Addictiveness Rating: 7/10

9. Appeal Factor

Rougelikes tend to be unpopular in North America for some reason. Maybe it’s the difficulty or how alien they feel compared to the usual RPGs that are released in the West, but it generally takes a really big license to move copies of these things. Unfortunately, Dragon Crystal doesn’t have that. It’s also overshadowed by two larger franchise Game Gear titles released on the same day as it. I mean, obscure RPG, 2D Sonic or fun sidescrolling hack and slash. Most people aren’t going to go with the former, even if the $2.99 price tag is extremely tempting.

As well, even people that are fans of roguelikes tend to be…iffy about Dragon Crystal and its sibling Fatal Labyrinth. Me? I tend to like them all. So does our own Mark B. However, bring up Fatal Labyrinth and you generally will get at least one word of profanity from him – and this is from a guy that liked to play terrible games! So obviously, rougelikes aren’t for everyone and even fans of the genre take issue with Sega’s rogues. I’m not sure why as they just feel like more bare bones versions of other rogues, but it’s not enough to make me hate them – just remember that there are better ones.
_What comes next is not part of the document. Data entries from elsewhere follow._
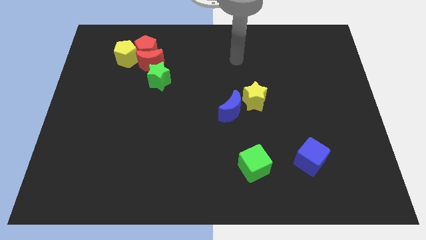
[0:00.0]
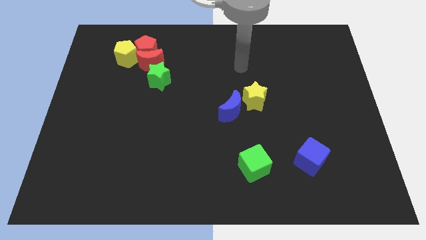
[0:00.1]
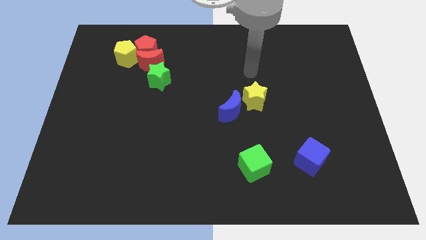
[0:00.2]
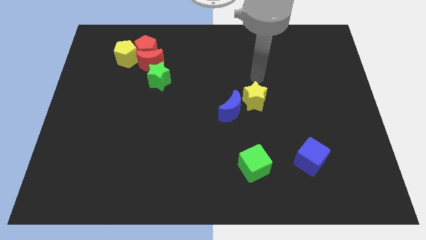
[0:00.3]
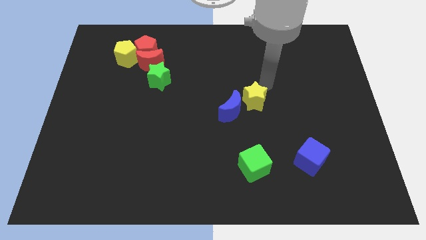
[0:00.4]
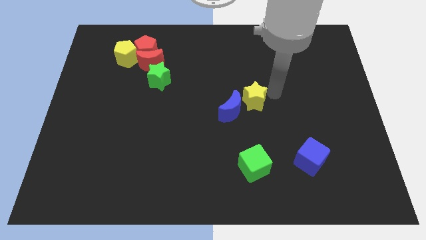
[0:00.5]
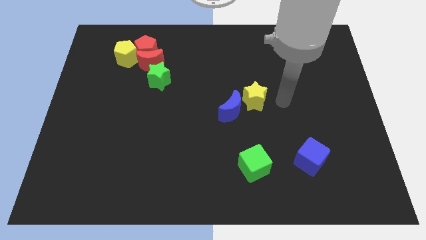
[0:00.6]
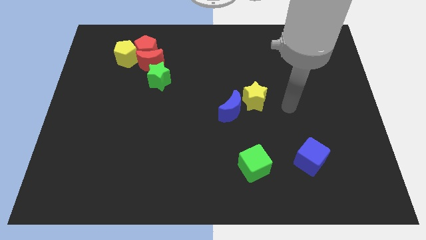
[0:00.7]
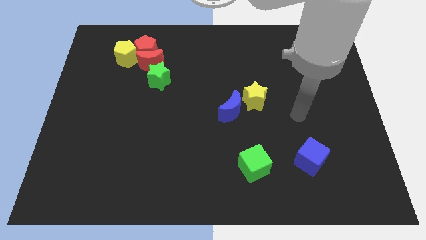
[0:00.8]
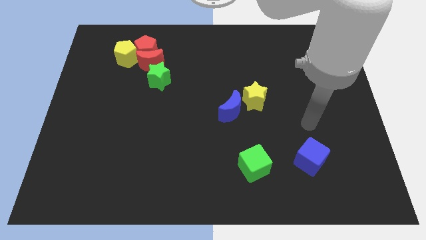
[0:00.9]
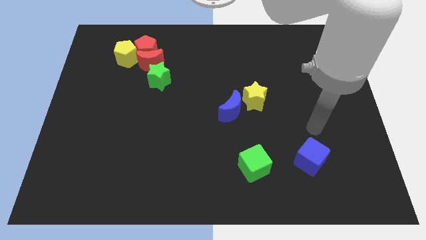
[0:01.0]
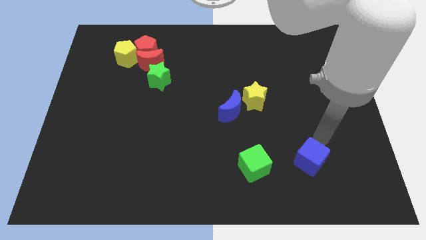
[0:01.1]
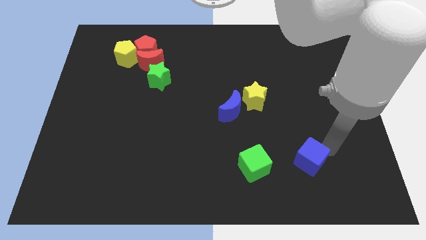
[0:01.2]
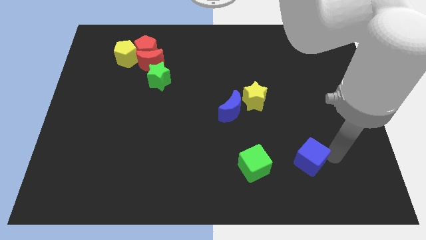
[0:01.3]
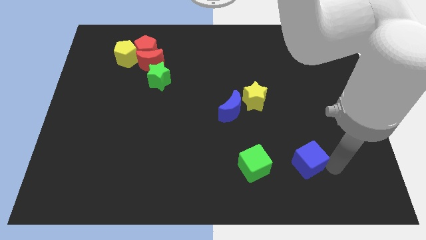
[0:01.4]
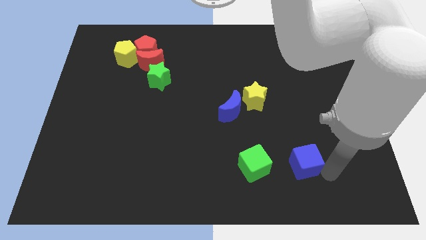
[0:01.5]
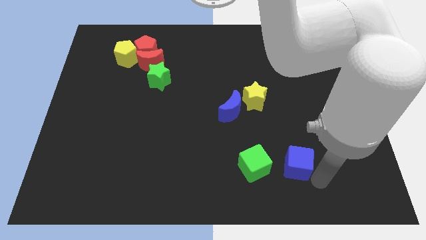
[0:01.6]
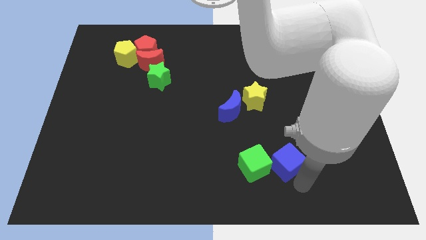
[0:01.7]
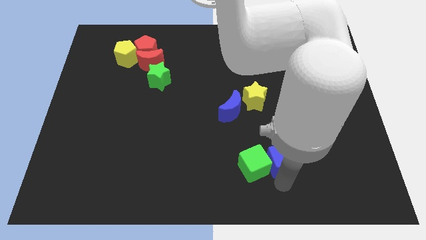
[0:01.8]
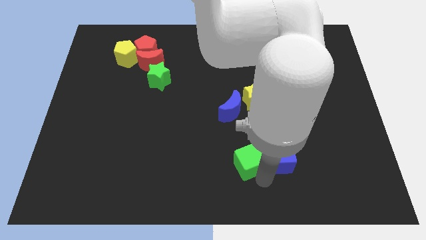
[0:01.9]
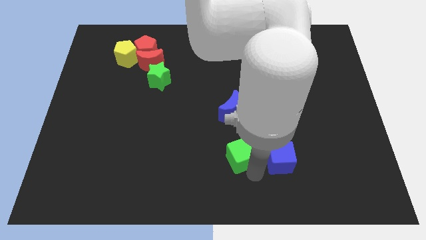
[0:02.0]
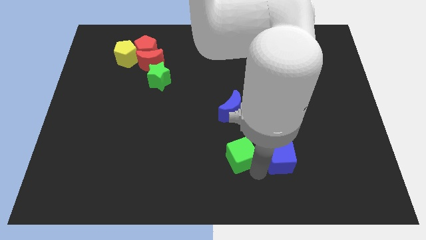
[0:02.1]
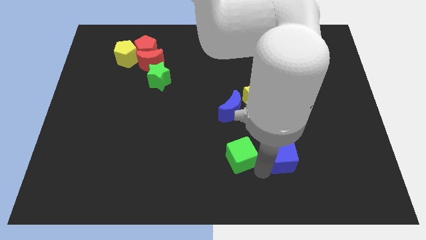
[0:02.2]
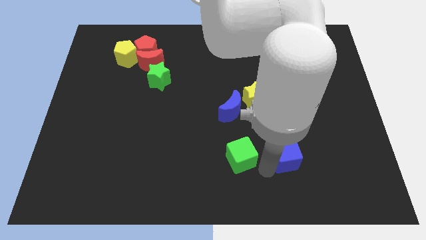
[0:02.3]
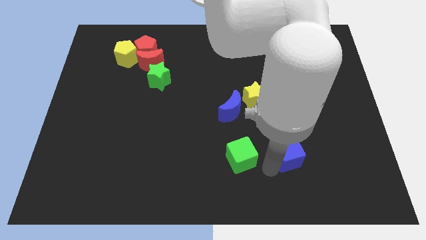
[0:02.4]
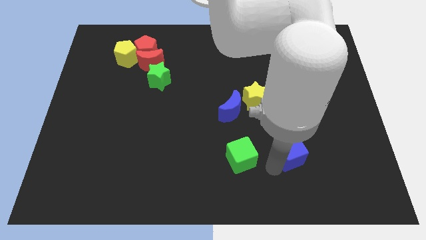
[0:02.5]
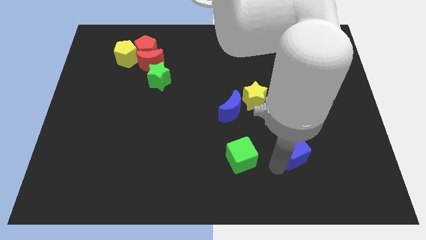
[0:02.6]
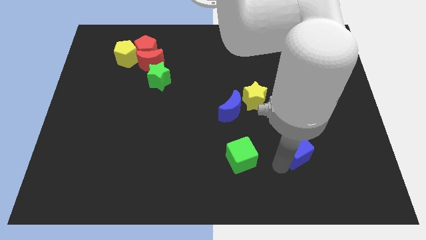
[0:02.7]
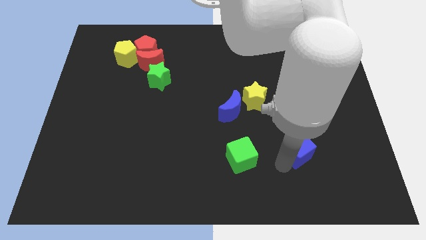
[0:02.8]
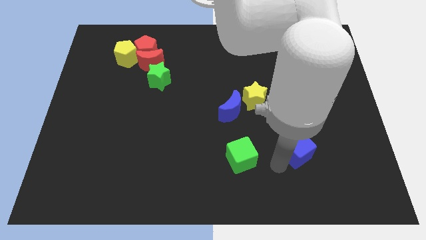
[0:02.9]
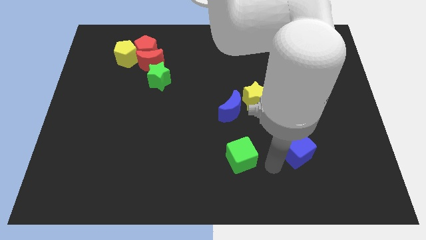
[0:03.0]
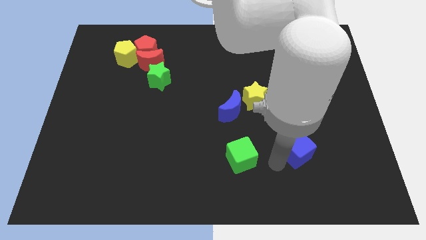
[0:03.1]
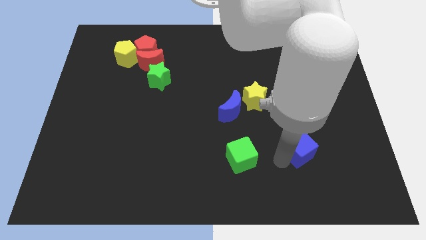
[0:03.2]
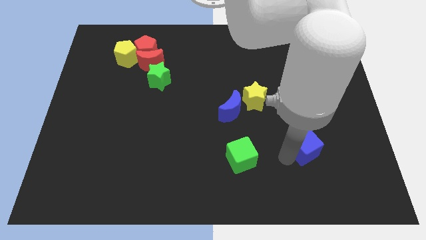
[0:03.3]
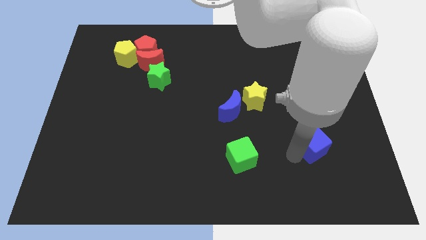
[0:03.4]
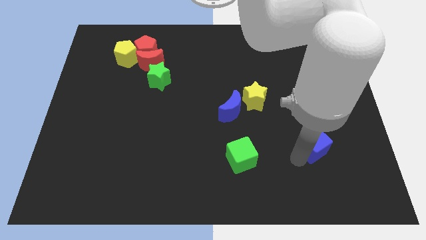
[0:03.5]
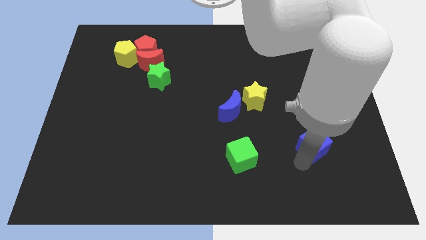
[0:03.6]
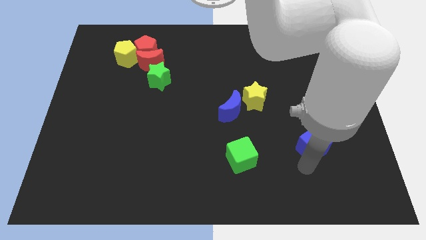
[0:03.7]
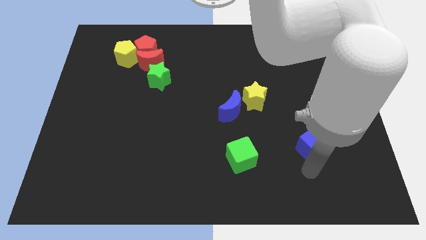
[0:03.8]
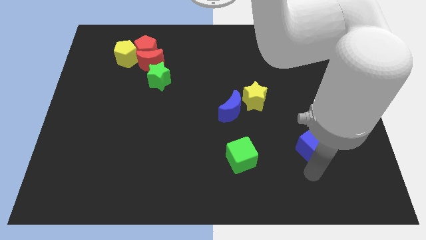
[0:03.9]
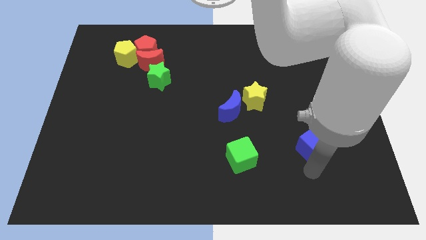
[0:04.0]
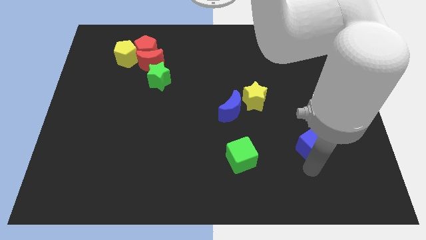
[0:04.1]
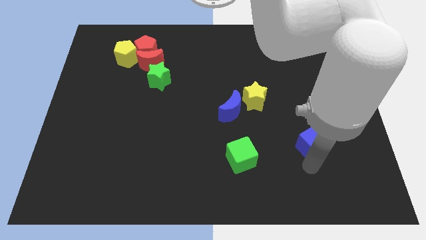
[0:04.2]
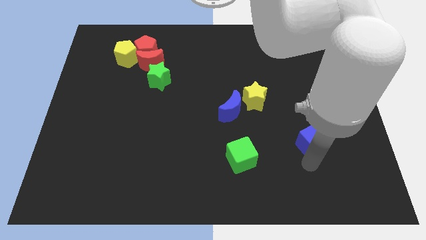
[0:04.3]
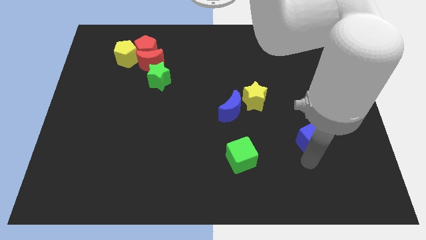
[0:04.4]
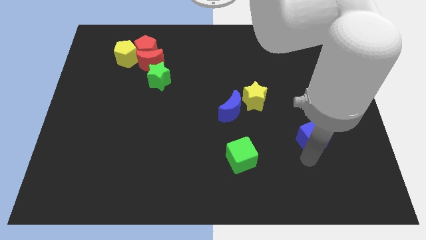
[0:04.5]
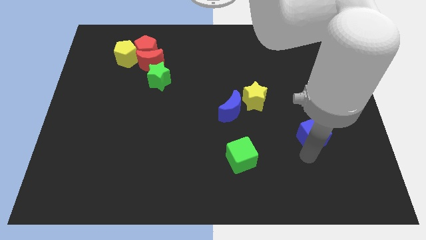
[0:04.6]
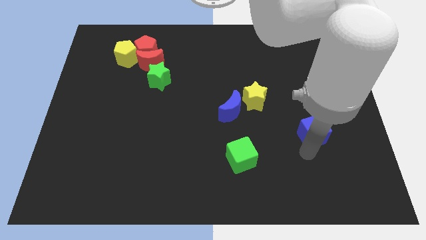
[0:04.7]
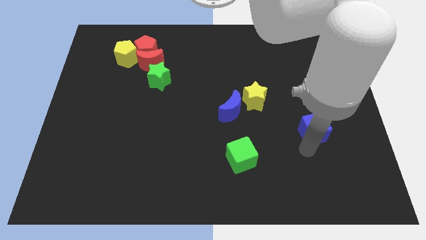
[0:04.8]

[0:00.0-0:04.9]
push the blue cube a little up

If you don’t regularly play roguelikes, this probably isn’t the best to start with. That’s probably Pokémon Mystery Dungeon (any of them) as they’re more forgiving, have a strong story and are inviting to people new to the subgenre. The bottom line is that Dragon Crystal is probably best with those that not only know the genre, but also love it. It’s very bare bones but to fans of the genre, the engine makes up for it. For everyone else, this might be too weird, too unforgiving and too random a game to enjoy.

Appeal Factor: 3/10

10. Miscellaneous

Sega’s Game Gear really didn’t have a lot of RPGs. I’m still surprised they went with this over Camelot’s titles, but then there weren’t a lot of other RPGs released for the system in North America than Sega has complete control over. God knows they’ve been trying to bury the Shining series for a decade too… That left Sega with this, Defenders of Oasis and Crystal Warriors to choose from. Of the three, Dragon Crystal does make the most sense.
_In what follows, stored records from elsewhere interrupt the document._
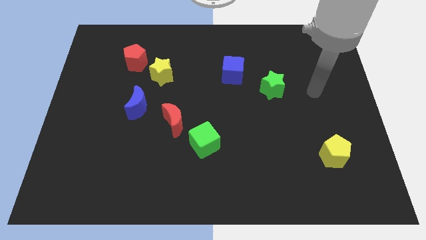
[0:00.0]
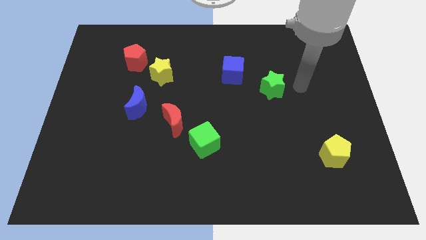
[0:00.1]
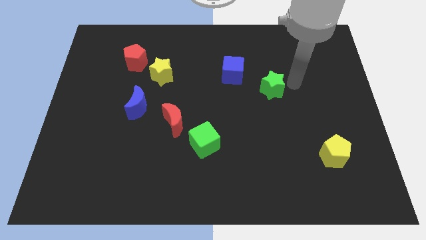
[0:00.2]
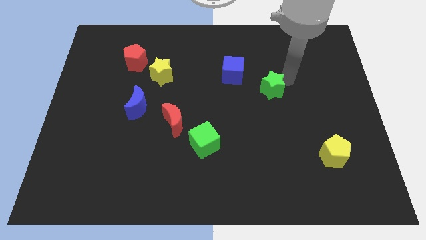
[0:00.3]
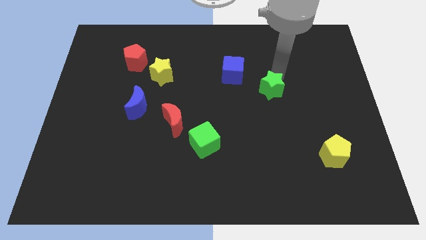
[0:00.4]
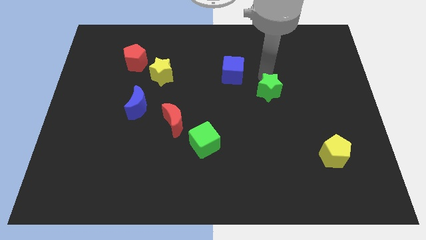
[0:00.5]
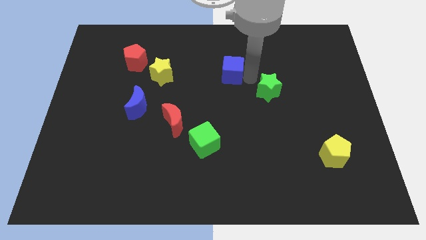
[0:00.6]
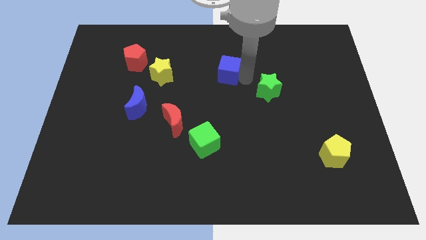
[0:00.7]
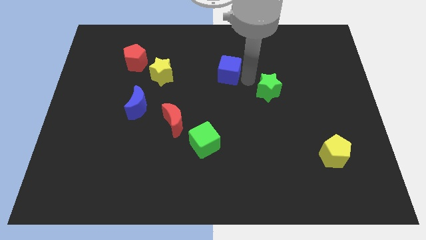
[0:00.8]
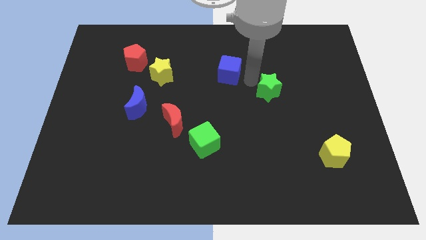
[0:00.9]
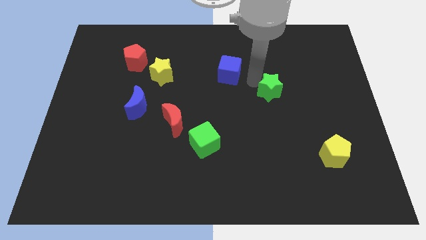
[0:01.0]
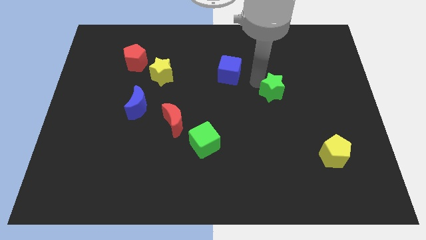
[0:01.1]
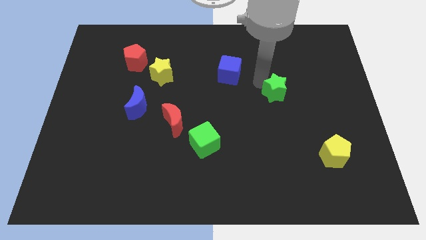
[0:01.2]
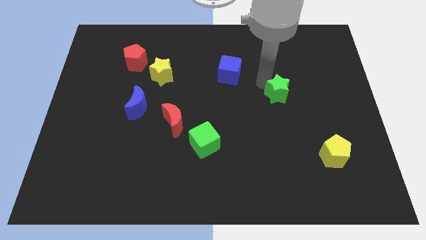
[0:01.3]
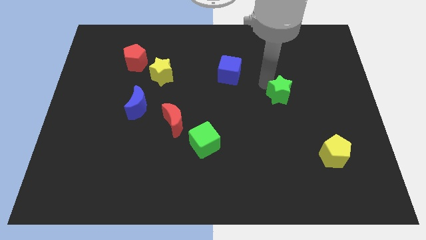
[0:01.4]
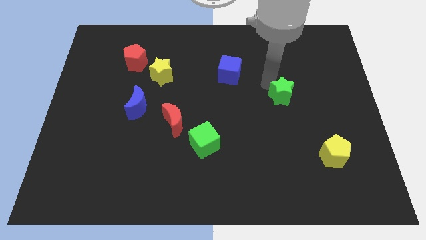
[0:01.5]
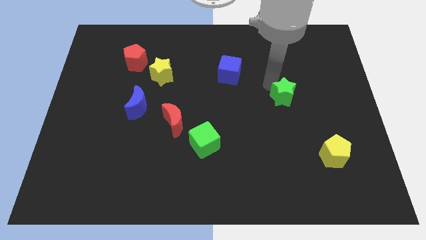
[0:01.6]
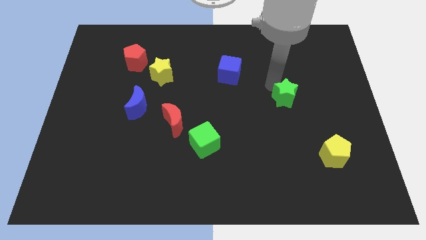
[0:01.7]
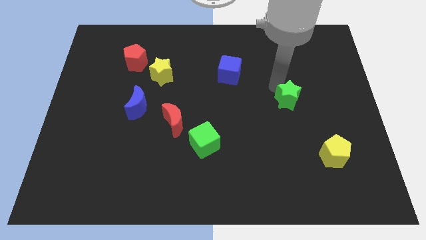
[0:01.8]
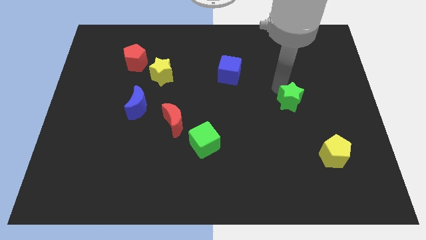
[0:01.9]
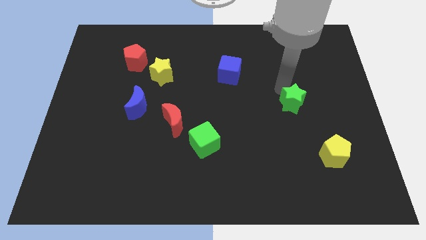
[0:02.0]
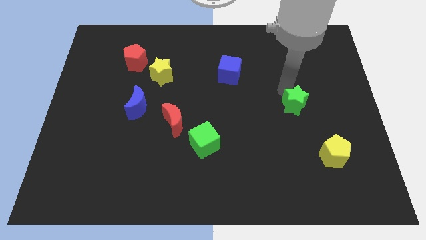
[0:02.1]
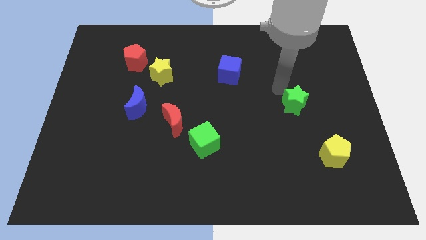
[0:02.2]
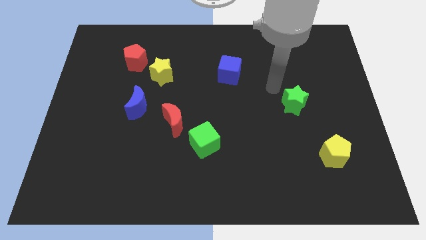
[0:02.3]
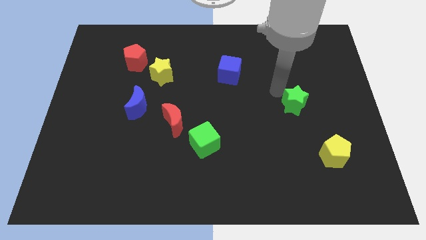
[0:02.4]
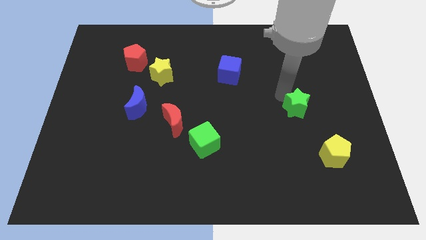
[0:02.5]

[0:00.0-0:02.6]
slide the green star slightly diagonally downwards and to the right

With a $2.99 price point, you’re getting an average roguelike, but one that serves as a cheap but hard introduction to the genre if you’re new, or a portable rougelike that doesn’t feature cock-fighting seizure monster for long time fans of the subgenre. I’m pretty happy with Dragon Crystal and I know I’ll continue to play it regularly. It’s a great price point for a subgenre that deserves more respect than it gets. It probably won’t make any new converts and it’s definitely not for everyone but a portable roguelike that also reminds me why I loved my Game Gear? You won’t hear me complaining.

Miscellaneous Rating: 7/10

U>The Scores:
Modes: 1
Graphics: 5
Sound: 3
Control and Gameplay: 8
Replayability: 5
Balance: 5
Originality: 5
Addictiveness: 7
Appeal Factor: 3
Miscellaneous: 7
Total Score: 49
FINAL SCORE: 5.0 (Mediocre Game!)

Short Attention Span Summary
Dragon Crystal is a definitely an odd choice to have as one of the first three Game Gear titles for Nintendo’s e-Shop. It’s not that there are better RPGs out there (which there are), but more because it’s a barebones roguelike and those are only popular with a small niche group of gamers in the West. I’m a fan of this RPG subgenre, and I think the engine still holds up, but the lack of any story whatsoever will be a turn off to a lot of people and neither the graphics or aural aspects have aged particularly well. At only $2.99, you’re getting a decent deal on an old school roguelike. It’s not a bad game, but it’s not a particular good one either. Fans of the genre will have fun with this, while those that dislike roguelikes won’t be converted by purchasing this.